2 de setembro de 2012

LIVE AND LET DIE (YOUR LOVE)


Depois daquele telefonema, aquela sensação de borboletas no estômago deu lugar a uma sensação que devo descrever como conforto. Eu me senti confortável em te receber de volta à minha vida. A ponto de perceber que a minha preocupação em constatar que eu não havia te magoado tanto quanto supunha parou de incomodar. Apesar do esforço (e depois da falta de) não nos encontramos. Eu não ia me esforçar para sair do trabalho mais cedo apenas para te ver e ouvir as mesmas desculpas esfarrapadas.

Eu estava certa. Sim, eu gostava de você. Eu não gostava era que desdenhasse da minha inteligência. Em um feriado, a gente se encontrou por acaso. Eu como sempre, de folga. Você trabalhando. Eu te dei uma gelada. (Na verdade te dei a ignorada do milênio). Você ligou de volta cobrando uma explicação e...Eu não atendi, mas não foi de propósito, foi porque simplesmente não ouvi o telefone tocar. Naquele mesmo dia nos encontraríamos de novo. Então conversamos. Segue o diálogo:

Você: Por que você não me atendeu?
Eu: Não ouvi o telefone tocar, a propósito, você não pode me telefonar do trabalho...
De cara fechada, você seguia, dizendo que eu estava muito brava.
Eu: Não estou brava, eu só não acho saudável te encontrar como se fosse uma consulta médica...
Você: Eu também não acho saudável, mas é que, de verdade, eu não tenho tempo.
Eu: Quando a gente quer, a gente arranja tempo, é só querer.
Você: Me entende, eu tenho que ajudar meu pai, meus pais me superprotegem, me controlam e...

(Pausa, a outra parte envolvida em questão tem 32 anos, e não 17, como você suspeitou)
Eu: Desculpe, você é homem, que papo é esse de superprotegido?

Você: Mas você também é (superprotegida)...
Eu: É outra história. Sim, eu sou, mas eu não vou entrar em conflito com minha família por causa de um cara que talvez não me mereça...
Você: Então não te mereço, não valho a pena?
Eu: Do jeito que você tem se posicionado até aqui, em relação a nós dois, não.
Não sei se hoje caberia um namorado na minha vida, não é o que eu tenho almejado, mas você sempre quer que tudo seja do seu jeito, no seu tempo. E as coisas comigo não podem mais ser assim.

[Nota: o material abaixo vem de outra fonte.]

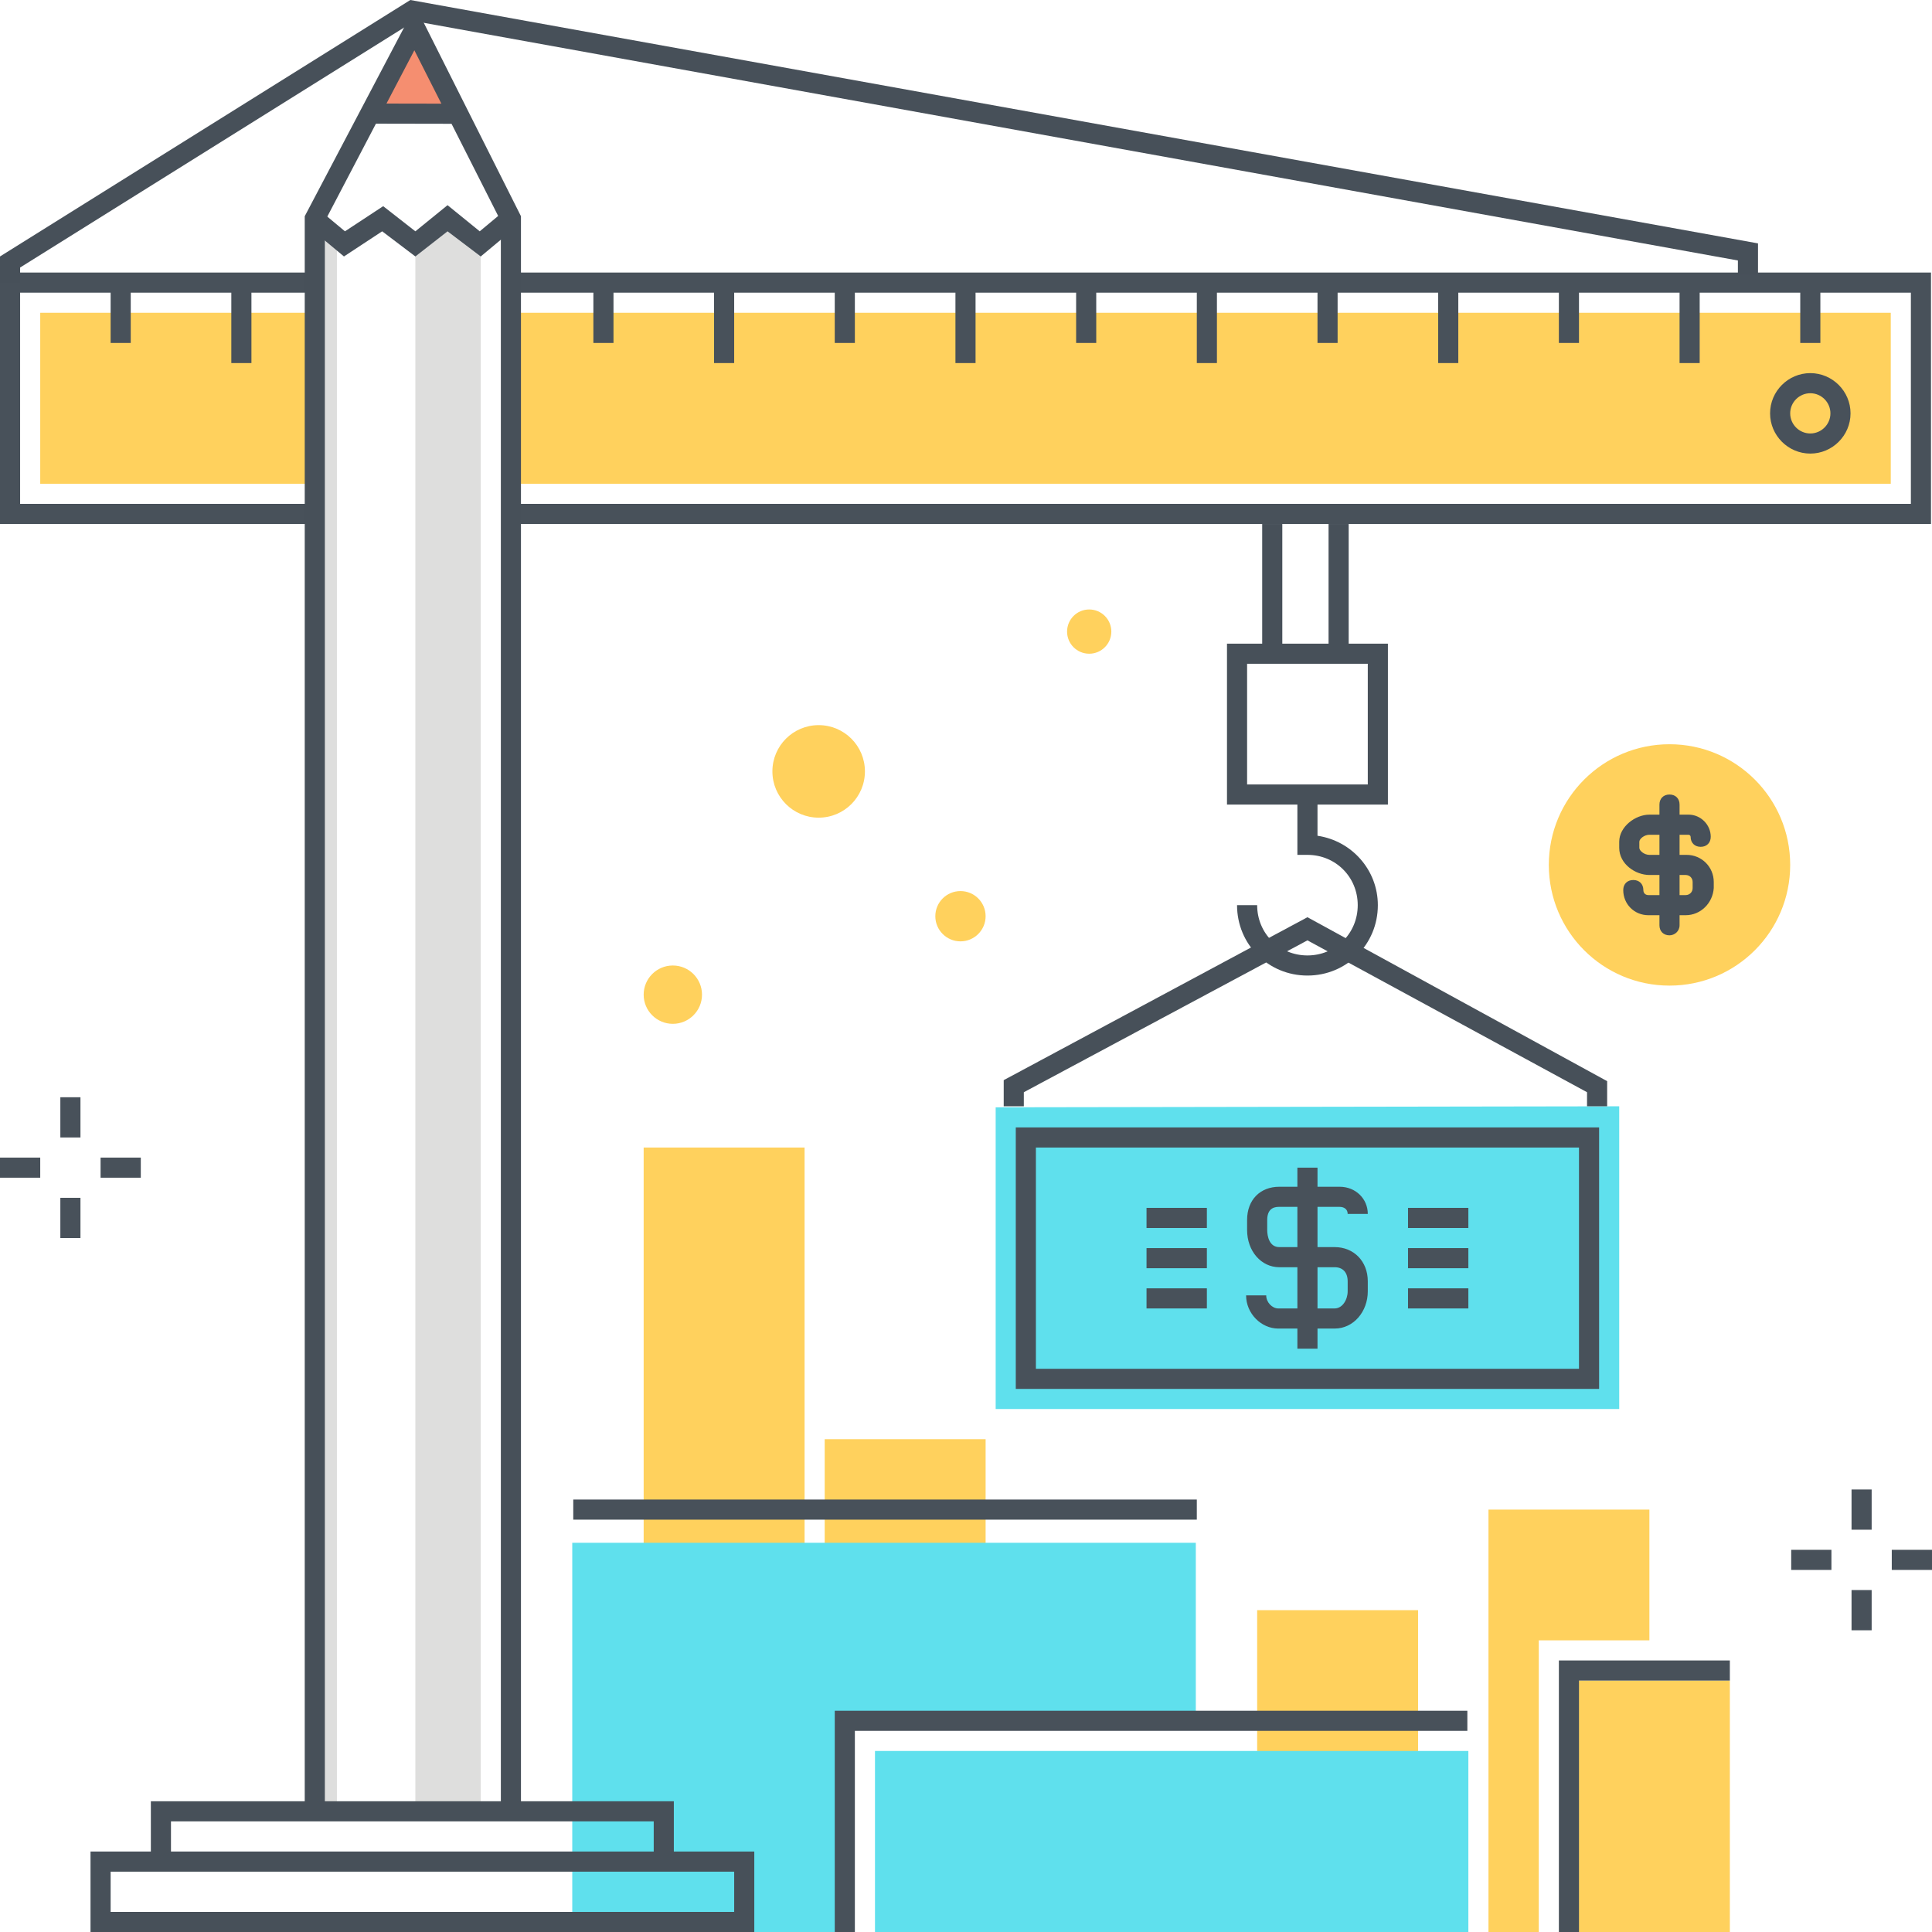 <?xml version="1.0" encoding="utf-8"?>
<!-- Generator: Adobe Illustrator 20.1.0, SVG Export Plug-In . SVG Version: 6.00 Build 0)  -->
<svg version="1.1" id="Layer_1" xmlns="http://www.w3.org/2000/svg" xmlns:xlink="http://www.w3.org/1999/xlink" x="0px" y="0px"
	 viewBox="0 0 192.1 192.1" style="enable-background:new 0 0 192.1 192.1;" xml:space="preserve">
<style type="text/css">
	.st0{fill:#FFD15D;}
	.st1{fill:#48515A;}
	.st2{fill:#DEDEDD;}
	.st3{fill:#F58E70;}
	.st4{fill:#475059;}
	.st5{fill:#5FE0ED;}
</style>
<title>Color line, business growth illustration</title>
<desc>
	Color line, business growth illustration, icon, background and graphics. The illustration is colorful, flat, vector, pixel perfect, suitable for web and print. Linear stokes and fills.
	</desc>
<g>
	<g>
		<g>
			<g>
				<rect x="64" y="114.1" class="st0" width="16" height="41"/>
			</g>
			<g>
				<rect x="125" y="160.1" class="st0" width="16" height="32"/>
			</g>
			<g>
				<rect x="82" y="143.1" class="st0" width="16" height="11"/>
			</g>
			<g>
				<g>
					<g>
						<rect x="4" y="31.1" class="st0" width="27" height="17"/>
					</g>
					<g>
						<rect x="51" y="31.1" class="st0" width="137" height="17"/>
					</g>
				</g>
				<g>
					<g>
						<polygon class="st1" points="192,52.1 51,52.1 51,50.1 190,50.1 190,29.1 51,29.1 51,27.1 192,27.1 						"/>
					</g>
					<g>
						<polygon class="st1" points="31,52.1 0,52.1 0,27.1 31,27.1 31,29.1 2,29.1 2,50.1 31,50.1 						"/>
					</g>
					<g>
						<rect x="59" y="28.1" class="st1" width="2" height="6"/>
					</g>
					<g>
						<rect x="71" y="28.1" class="st1" width="2" height="8"/>
					</g>
					<g>
						<rect x="83" y="28.1" class="st1" width="2" height="6"/>
					</g>
					<g>
						<rect x="95" y="28.1" class="st1" width="2" height="8"/>
					</g>
					<g>
						<rect x="107" y="28.1" class="st1" width="2" height="6"/>
					</g>
					<g>
						<rect x="119" y="28.1" class="st1" width="2" height="8"/>
					</g>
					<g>
						<rect x="131" y="28.1" class="st1" width="2" height="6"/>
					</g>
					<g>
						<rect x="143" y="28.1" class="st1" width="2" height="8"/>
					</g>
					<g>
						<rect x="155" y="28.1" class="st1" width="2" height="6"/>
					</g>
					<g>
						<rect x="167" y="28.1" class="st1" width="2" height="8"/>
					</g>
					<g>
						<rect x="179" y="28.1" class="st1" width="2" height="6"/>
					</g>
					<g>
						<rect x="23" y="28.1" class="st1" width="2" height="8"/>
					</g>
					<g>
						<rect x="11" y="28.1" class="st1" width="2" height="6"/>
					</g>
					<g>
						<path class="st1" d="M180,45.1c-2.2,0-4-1.8-4-4s1.8-4,4-4s4,1.8,4,4S182.2,45.1,180,45.1z M180,39.1c-1.1,0-2,0.9-2,2
							s0.9,2,2,2s2-0.9,2-2S181.1,39.1,180,39.1z"/>
					</g>
				</g>
			</g>
			<g>
				<g>
					<g>
						<polygon class="st2" points="47.8,179.3 47.8,24.3 44.5,21.7 41.3,24.3 41.3,24.3 41.3,179.3 						"/>
					</g>
				</g>
				<g>
					<polygon class="st2" points="33.5,179.3 33.5,23.5 33.5,23.6 31.3,21.7 31.3,179.3 					"/>
				</g>
				<g>
					<g>
						<g>
							<path class="st3" d="M45.5,11.3l-4.3-8.5l-4.5,8.5L45.5,11.3z"/>
						</g>
					</g>
					<g>
						<polygon class="st4" points="51.8,179.3 49.8,179.3 49.8,22 41.2,5 32.3,22 32.3,179.3 30.3,179.3 30.3,21.5 41.3,0.6 
							51.8,21.5 						"/>
					</g>
					<g>
						
							<rect x="40.1" y="6.9" transform="matrix(1.841400e-03 -1 1 1.841400e-03 29.79 52.381)" class="st4" width="2" height="8.8"/>
					</g>
					<g>
						<polygon class="st4" points="47.8,25.5 44.5,23 41.3,25.5 38,23 34.2,25.5 30.6,22.5 31.9,21 34.3,23 38.1,20.5 41.3,23 
							44.5,20.4 47.7,23 50.1,21 51.4,22.5 						"/>
					</g>
				</g>
			</g>
			<g>
				<polygon class="st5" points="99,140.1 99,110.1 161,110 161,140.1 				"/>
			</g>
			<g>
				<rect x="87" y="174.1" class="st5" width="59" height="18"/>
			</g>
			<g>
				<polygon class="st5" points="56.9,192.1 56.9,153.4 118.9,153.4 118.9,165.3 118.9,171.1 84,171.1 84,192.1 				"/>
			</g>
			<g>
				<g>
					<path class="st1" d="M132.7,132.1h-5.6c-1.7,0-3.2-1.5-3.2-3.3h2c0,0.7,0.6,1.3,1.2,1.3h5.6c0.8,0,1.3-0.9,1.3-1.7v-1
						c0-0.9-0.5-1.4-1.3-1.4h-5.5c-1.8,0-3.2-1.6-3.2-3.7v-1c0-2,1.3-3.3,3.2-3.3h6c1.6,0,2.8,1.2,2.8,2.7h-2c0-0.5-0.4-0.7-0.8-0.7
						h-6c-0.3,0-1.2,0-1.2,1.3v1c0,0.6,0.2,1.7,1.2,1.7h5.5c1.9,0,3.3,1.4,3.3,3.4v1C136,130.4,134.6,132.1,132.7,132.1z"/>
				</g>
				<g>
					<rect x="129" y="116.1" class="st1" width="2" height="18"/>
				</g>
			</g>
			<g>
				<rect x="140" y="124.1" class="st1" width="6" height="2"/>
			</g>
			<g>
				<rect x="140" y="128.1" class="st1" width="6" height="2"/>
			</g>
			<g>
				<rect x="140" y="120.1" class="st1" width="6" height="2"/>
			</g>
			<g>
				<g>
					<rect x="114" y="124.1" class="st1" width="6" height="2"/>
				</g>
				<g>
					<rect x="114" y="120.1" class="st1" width="6" height="2"/>
				</g>
				<g>
					<rect x="114" y="128.1" class="st1" width="6" height="2"/>
				</g>
			</g>
			<g>
				<path class="st1" d="M159,138.1h-58v-26h58V138.1z M103,136.1h54v-22h-54V136.1z"/>
			</g>
			<g>
				<g>
					<path class="st4" d="M138,80h-16V64h16V80z M124,78h12V66h-12V78z"/>
				</g>
				<g>
					<path class="st4" d="M130,97c-3.9,0-7-3.1-7-7h2c0,2.8,2.2,5,5,5s5-2.2,5-5s-2.2-5-5-5h-1v-6h2v4.1c3.4,0.5,6,3.4,6,6.9
						C137,93.9,133.9,97,130,97z"/>
				</g>
			</g>
			<g>
				<rect x="125.5" y="52.1" class="st4" width="2" height="13"/>
			</g>
			<g>
				<rect x="132.1" y="52.1" class="st4" width="2" height="13"/>
			</g>
			<g>
				<polygon class="st4" points="159.8,110 157.8,110 157.8,108.6 130,93.5 101.8,108.6 101.8,110 99.8,110 99.8,107.4 130,91.2 
					159.8,107.5 				"/>
			</g>
			<g>
				<polygon class="st4" points="2,28.1 0,28.1 0,25.5 40.8,0 174.8,24.2 174.8,27.3 172.8,27.3 172.8,25.9 41.2,2.1 2,26.6 				"/>
			</g>
			<g>
				<polygon class="st4" points="67,185.1 65,185.1 65,181.1 17,181.1 17,185.1 15,185.1 15,179.1 67,179.1 				"/>
			</g>
			<g>
				<path class="st4" d="M75,192.1H9v-8h66V192.1z M11,190.1h62v-4H11V190.1z"/>
			</g>
			<g>
				<polygon class="st0" points="164,150.1 148,150.1 148,192.1 153,192.1 153,163.1 164,163.1 				"/>
			</g>
			<g>
				<rect x="156" y="167.1" class="st0" width="16" height="25"/>
			</g>
			<g>
				<g>
					<circle class="st0" cx="166" cy="86" r="12"/>
				</g>
				<g>
					<g>
						<path class="st4" d="M167.6,91h-3.7c-1.4,0-2.5-1.1-2.5-2.5c0-0.6,0.4-1,1-1s1,0.4,1,1c0,0.3,0.2,0.5,0.5,0.5h3.7
							c0.4,0,0.7-0.3,0.7-0.7v-0.6c0-0.4-0.3-0.7-0.7-0.7H164c-1.4,0-3-1.1-3-2.7v-0.6c0-1.5,1.6-2.7,3-2.7h3.9c1.2,0,2.2,1,2.2,2.2
							c0,0.6-0.4,1-1,1s-1-0.4-1-1c0-0.1-0.1-0.2-0.2-0.2H164c-0.5,0-1,0.4-1,0.7v0.6c0,0.3,0.5,0.7,1,0.7h3.7
							c1.5,0,2.7,1.2,2.7,2.7v0.6C170.3,89.8,169.1,91,167.6,91z"/>
					</g>
					<g>
						<path class="st4" d="M166,93c-0.6,0-1-0.4-1-1V80c0-0.6,0.4-1,1-1s1,0.4,1,1v12C167,92.6,166.5,93,166,93z"/>
					</g>
				</g>
			</g>
			<g>
				<polygon class="st1" points="157,192.1 155,192.1 155,165.1 172,165.1 172,167.1 157,167.1 				"/>
			</g>
			<g>
				<polygon class="st1" points="85,192.1 83,192.1 83,170.1 145.9,170.1 145.9,172.1 85,172.1 				"/>
			</g>
			<g>
				<rect x="57" y="149.1" class="st1" width="62" height="2"/>
			</g>
			<g>
				<circle class="st0" cx="81.4" cy="76.7" r="4.6"/>
			</g>
			<g>
				<circle class="st0" cx="66.9" cy="98.9" r="2.9"/>
			</g>
			<g>
				<circle class="st0" cx="108.3" cy="62.8" r="2.2"/>
			</g>
			<g>
				<circle class="st0" cx="95.5" cy="91.1" r="2.5"/>
			</g>
			<g>
				<g>
					<g>
						<rect x="6" y="109.1" class="st1" width="2" height="4"/>
					</g>
					<g>
						<rect x="6" y="119.1" class="st1" width="2" height="4"/>
					</g>
				</g>
				<g>
					<g>
						<rect x="10" y="115.1" class="st1" width="4" height="2"/>
					</g>
					<g>
						<rect y="115.1" class="st1" width="4" height="2"/>
					</g>
				</g>
			</g>
			<g>
				<g>
					<g>
						<rect x="184.1" y="148.1" class="st1" width="2" height="4"/>
					</g>
					<g>
						<rect x="184.1" y="158.1" class="st1" width="2" height="4"/>
					</g>
				</g>
				<g>
					<g>
						<rect x="188.1" y="154.1" class="st1" width="4" height="2"/>
					</g>
					<g>
						<rect x="178.1" y="154.1" class="st1" width="4" height="2"/>
					</g>
				</g>
			</g>
		</g>
	</g>
</g>
</svg>

Você: O que quer dizer? Acabou de dizer que não quer nada sério...
Eu:  Não põe palavra na minha boca, você entendeu o que eu disse. E para ser mais específica, se eu não valho um convite para um cinema ou um pagode, meu amigo, eu não valho nada para você.
Você (em choque): Agora você está colocando palavras na minha boca...
Eu: É um fato, você conduziu uma situação, gosta de mim, mas não quer correr o risco da escolha. No seu lugar, eu também estaria com medo.Na verdade, eu até escolhi.
Você: O que você escolheu?

Eu: Escolhi me afastar.Não vou perder energias em algo que não dá em nada.
Você: Não precisa ser assim...
Eu: Não é questão de precisar, é questão de que vai ser, no que depender de mim.
Neste momento, se considerando muito irresistível, me puxou para junto do seu corpo e me deu um beijo. Como eu nunca gostei discutir com alguém e logo em seguida me agarrar com a pessoa, me desvencilhei de você imediatamente.
Eu: Boa noite, a gente se vê por aí.
Você: ...

Tempos depois, em uma movimentada avenida de São Paulo, fiquei pensando sobre a possibilidade de ver um conhecido por ali e te encontrei. Desta vez ambos estávamos correndo. Diante do seu apelo, eu te dei um beijo no rosto, apressada. De uns tempos para cá, o destino sempre providenciava um encontro. Antes, quando eu queria te ver, não conseguia. Agora, sou brindada com encontros casuais. Como a vida é irônica, às vezes.

Depois desse dia não nos vimos mais. Não tenho raiva, mágoa, nada disso. É apenas uma história que eu deixei morrer. Live and let die.